Return the value for key if key is in the dictionary, else default.
- update([E, ]**F) None. Update D from dict/iterable E and F. #
If E is present and has a .keys() method, then does: for k in E: D[k] = E[k] If E is present and lacks a .keys() method, then does: for k, v in E: D[k] = v In either case, this is followed by: for k in F: D[k] = F[k]
- values() an object providing a view on D's values #
- class LoadableDataset(name, filename_or_path, features, cont_features, sens_attr_spec, class_label_spec, discrete_only, num_samples, discard_non_one_hot=False, map_to_binary=False, s_prefix=None, class_label_prefix=None, discrete_feature_groups=None)#
Bases:
ethicml.data.dataset.Dataset
Dataset that uses the default load function.
- Parameters
name (str) –
filename_or_path (Union[str, pathlib.Path]) –
features (Sequence[str]) –
cont_features (Sequence[str]) –
sens_attr_spec (Union[str, Mapping[str, ethicml.data.util.LabelGroup]]) –
class_label_spec (Union[str, Mapping[str, ethicml.data.util.LabelGroup]]) –
discrete_only (bool) –
num_samples (int) –
discard_non_one_hot (bool) –
map_to_binary (bool) –
s_prefix (Optional[Sequence[str]]) –
class_label_prefix (Optional[Sequence[str]]) –
discrete_feature_groups (Optional[Dict[str, List[str]]]) –
- Return type
None
- __len__()#
Number of elements in the dataset.
- Return type
int
- property class_labels: List[str]#
Get the list of class labels.
- property continuous_features: List[str]#
List of features that are continuous.
- property disc_feature_groups: Optional[Dict[str, List[str]]]#
Dictionary of feature groups.
- property discrete_features: List[str]#
List of features that are discrete.
- expand_labels(label, label_type)#
Expand a label in the form of an index into all the subfeatures.
- Parameters
label (pandas.DataFrame) –
label_type (Literal['s', 'y']) –
- Return type
pandas.DataFrame
- property feature_split: ethicml.data.dataset.FeatureSplit#
Return a feature split dictionary.
This should have separate entries for the features, the labels and the sensitive attributes.
- property features_to_remove: List[str]#
Features that have to be removed from x.
- property filepath: pathlib.Path#
Filepath from which to load the data.
- load(ordered=False, labels_as_features=False)#
Load dataset from its CSV file.
- Parameters
ordered (bool) – if True, return features such that discrete come first, then continuous
labels_as_features (bool) – if True, the s and y labels are included in the x features
- Returns
DataTuple with dataframes of features, labels and sensitive attributes
- Return type
- load_aif()#
Load the dataset as an AIF360 dataset.
Experimental. Requires the aif360 library.

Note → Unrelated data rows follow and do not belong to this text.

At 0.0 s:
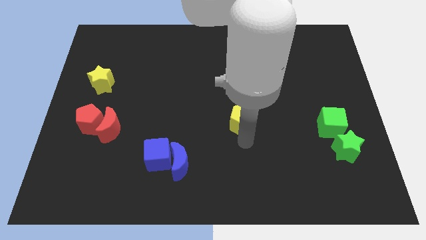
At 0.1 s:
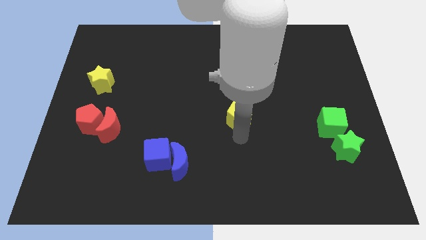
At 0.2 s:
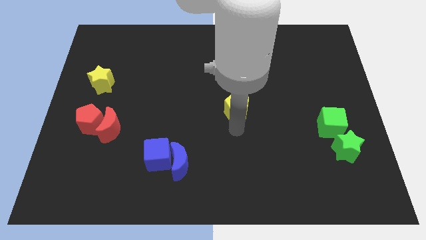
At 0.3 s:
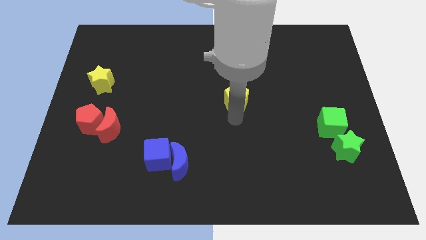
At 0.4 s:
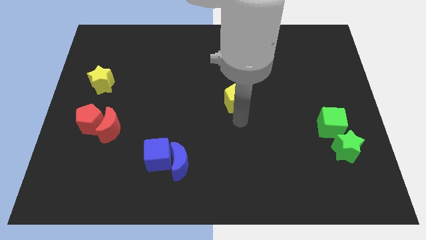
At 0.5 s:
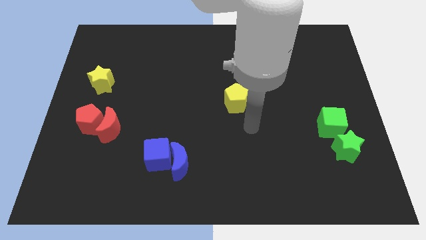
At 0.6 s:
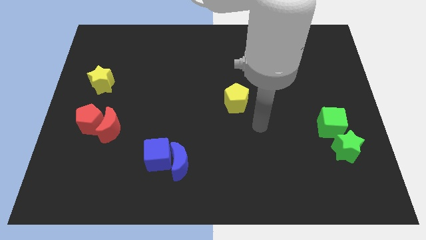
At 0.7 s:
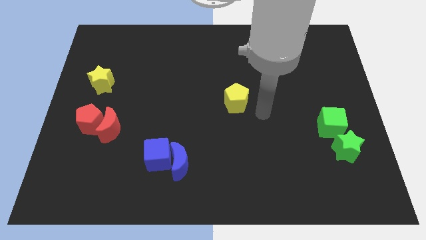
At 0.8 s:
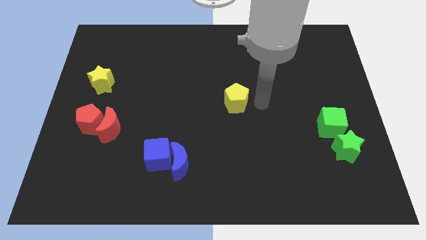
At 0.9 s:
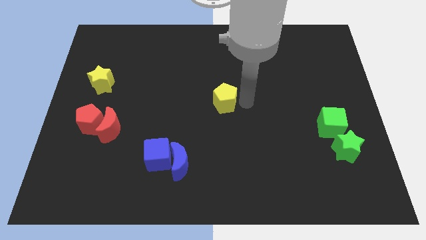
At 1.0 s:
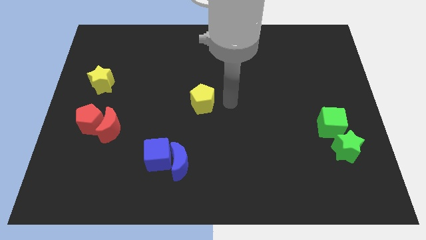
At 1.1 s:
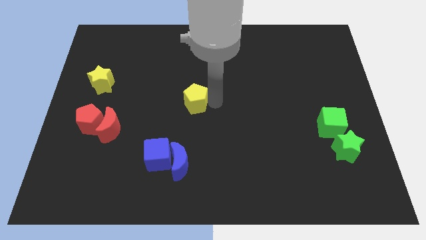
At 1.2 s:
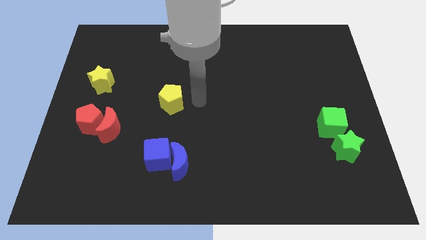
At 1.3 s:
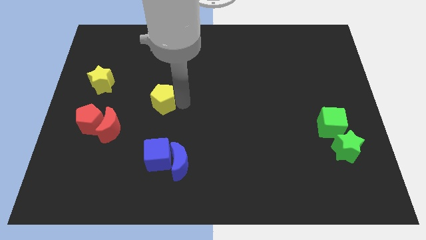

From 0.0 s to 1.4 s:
move yellow pentagon left diagonally towards yellow star

Ignores the type check as the return type is not yet defined.
- property name: str#
Name of the dataset.
- property ordered_features: ethicml.data.dataset.FeatureSplit#
Return an order features dictionary.
This should have separate entries for the features, the labels and the sensitive attributes, but the x features are ordered so first are the discrete features, then the continuous.
- property sens_attrs: List[str]#
Get the list of sensitive attributes.